Ahora aún está en tiempo de cosecha. «El trabajo es sagrado». Los homenajes y actos sociales no le han atrasado su reloj. «Salgo a entrenarme todos los días a las diez y media». La medalla le espera en casa, con sus seis bicis. «Me gusta coleccionar aquéllas con las que he ganado algo. La primera es la de la etapa de la Vuelta a España en La Aparecida». Bicicletas-talismán. Archivadas en un trastero, allí donde las cuida el vecino del segundo piso, 'el del oro de Pekín'. En otra esquina de Oviedo tiene ya un terreno para levantar la casa de su familia y de su futuro.
EL CONTROL EN PEKÍN
Durante los Juegos, Samuel Sánchez se sometió a «ocho o nueve» controles antidopaje. A diario, casi. Bien catado. Hasta eso resultó cómico en la capital china. «Recuerdo que un día nos asaltaron los controladores. Eran chinos y hablaban algo de inglés. Entraron de repente en el hotel y nos pidieron las muestras de orina. Así que me metí en el baño con uno de los chinos. Él se sentó en la taza y yo me coloqué en la ducha, a la vista, mientras meaba en el frasco. Fue de risa». Ver mundo sobre la bicicleta ha abismado su campo de visión. Global. «Me encanta San Francisco. Me gustaría pasar allí un año sabático. Y que mis hijos aprendieran así inglés. Viajando te das cuenta de lo que te facilita las cosas saber idiomas».
CAPRICHOS
Eso de San Francisco queda pendiente. El éxito que trajo el oro de Pekín no le ha dejado tiempo para caprichos. «Apenas he estado cinco días de vacaciones en Tenerife». Ni ha gastado en su vicio, los coches. «Al revés, ahora los estoy vendiendo todos». Claro. Skoda, la firma que patrocina al Euskaltel-Euskadi, ya le surte de sobra. Samuel aparecerá pronto en un anuncio televisivo de la firma. «No veas los líos que hemos tenido para grabarlo, porque en ningún momento pueden salir los aros olímpicos». Es un logotipo registrado por el Comité Olímpico Internacional. Intocable, pues. «Mira, llevo un pendiente que mi mujer mandó hacer con los cinco aros. Y resulta que igual también es ilegal».
ANTEQUERA
Durante la conversación de pretemporada con Samuel todo se gira hacia Pekín. Risas. Hasta los malos ratos sirven para la carcajada. Como aquel viaje con la selección hacia el circuito de la carrera. El chófer, chino claro, no atinaba con el camino. Y venga a dar vueltas sin acertar con la autovía que enlazaba con la Gran Muralla, el lugar de la meta. Así pasó casi una hora. A Paco Antequera, el seleccionador, se le encendió la sangre. Primero le habló al conductor, luego le abroncó. Y nada.

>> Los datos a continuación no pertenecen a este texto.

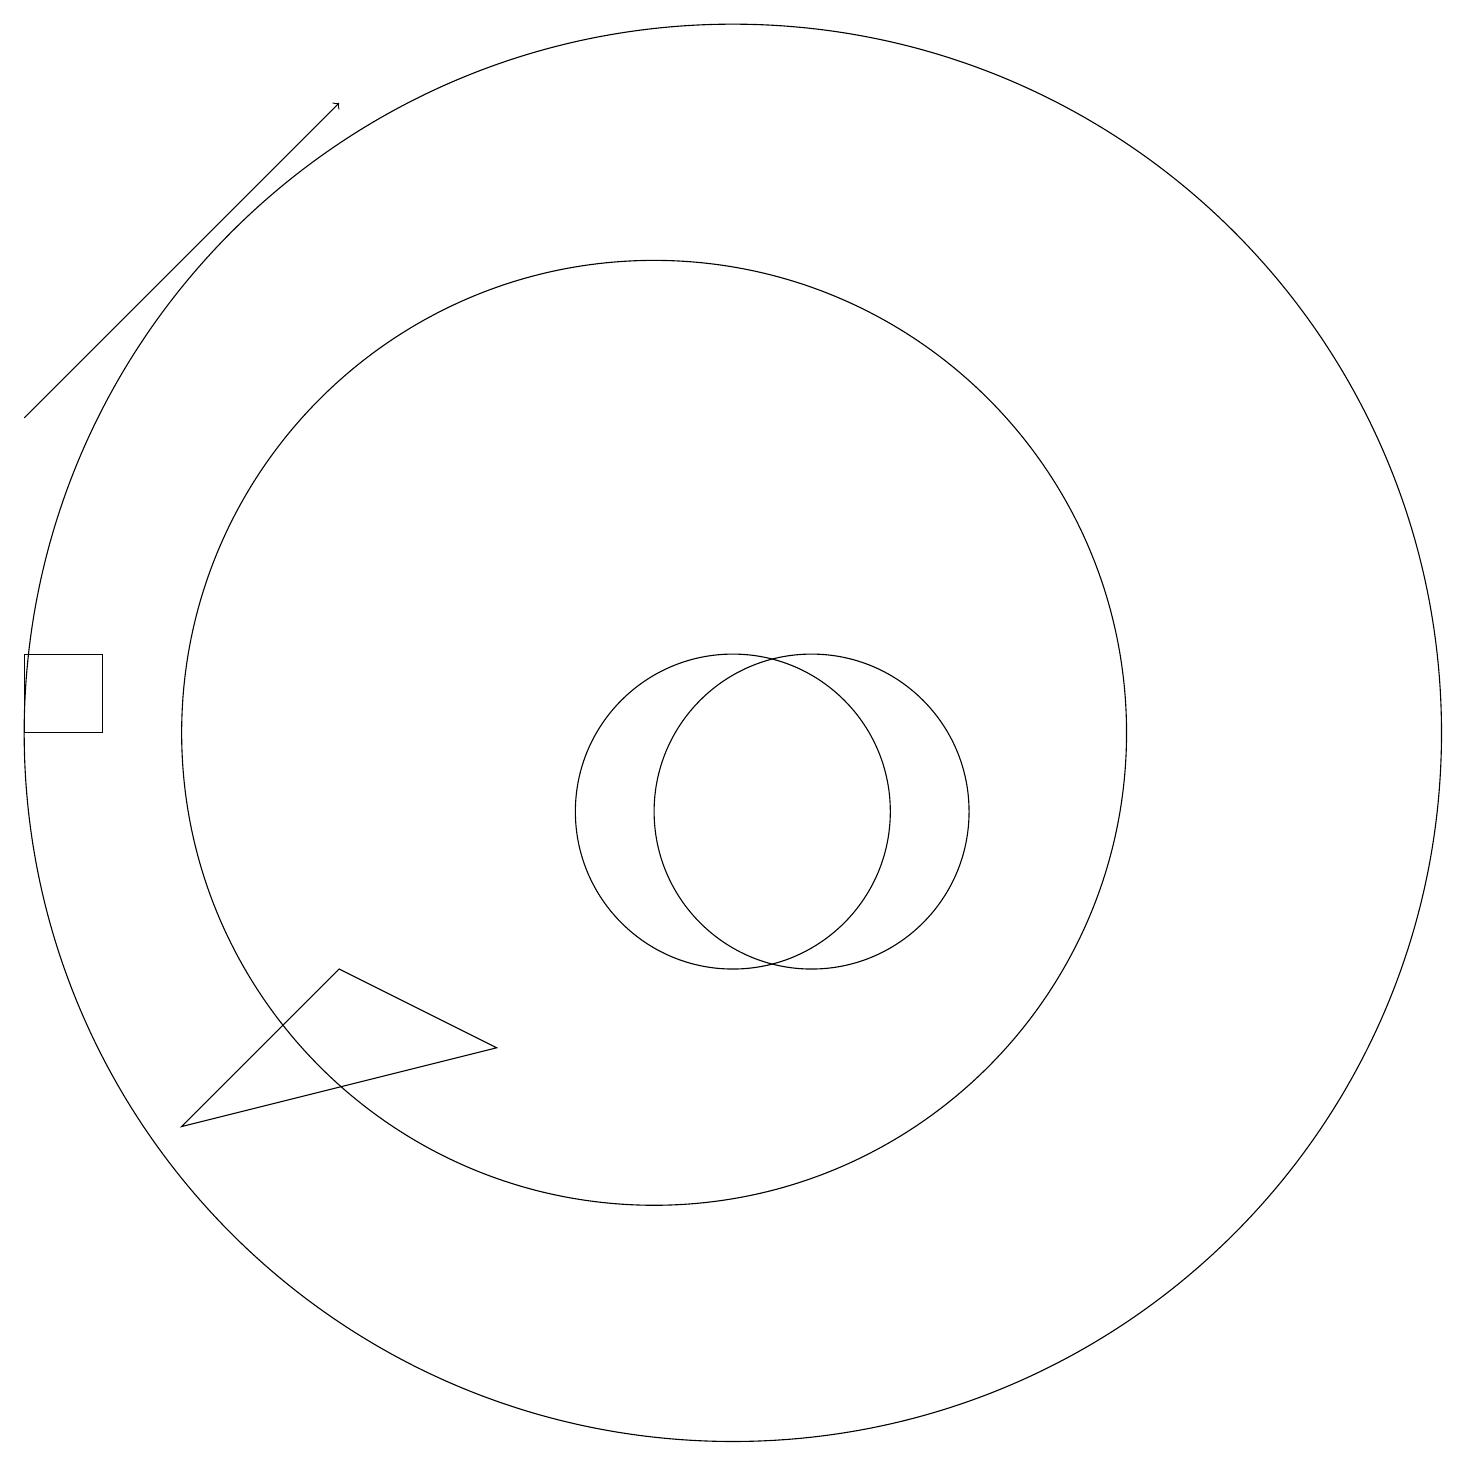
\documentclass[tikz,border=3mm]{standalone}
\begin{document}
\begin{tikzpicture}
\draw (11,11) circle (9);
\draw (10,11) circle (6);
\draw (11,10) circle (2);
\draw[->] (2,15) -- (6,19);
\draw (12,10) circle (2);
\draw (3,11) rectangle (2,12);
\draw (8,7) -- (6,8) -- (4,6) -- cycle;
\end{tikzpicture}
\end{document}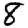
Digit: 8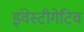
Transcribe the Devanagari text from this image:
इंवेस्टीगेटिव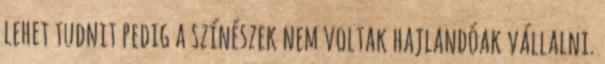
lehet tudnit pedig a színészek nem voltak hajlandóak vállalni.

«Al principio nos reíamos. Pero después empezamos a asustarnos. Pasaba el tiempo y no llegábamos. Fíjate qué lío. Estar en unos Juegos Olímpicos y llegar tarde a la salida», recuerda el campeón olímpico. Antequera enloqueció. Comenzó a insultar al chófer, que, pálido y en silencio, aguantaba el chaparrón de maldiciones y juramentos en un idioma inexplicable para él. Antequera hasta le cogió por la pechera: «¡Por ahí, coño. Por ahí!», señalando con el puño un acceso a la autovía. El taxista sí captó el lenguaje manual. No fueron puntuales, pero al menos llegaron a tiempo. En Pekín todos los caminos llevaban al oro de Samuel. El piloto.

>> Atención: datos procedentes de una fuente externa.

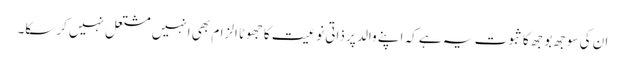
ان کی سوجھ بوجھ کا ثبوت یہ ہے کہ اپنے والد پر ذاتی نوعیت کا جھوٹا الزام بھی انہیں مشتعل نہیں کرسکا۔

Como Fernando Alonso, un buen amigo de Samuel Sánchez. «Fíjate quién es y le da como vergüenza llamarme para dar una vuelta en bicicleta. Y anda bien, ¿eh? El otro día me crucé con dos tíos que iban a toda pastilla y uno me saludó. Era Fernando Alonso. Iba 'picado con el otro. Fernando es así. Se 'pica'». Competitivos. Pilotos. «¿Qué me gustaría hacer cuando deje la bici? Pues algún maratón. Y algún rally en coche o moto». Entonces también pedirá unas tijeras y algo de cinta aislante. Para cegar el velocímetro.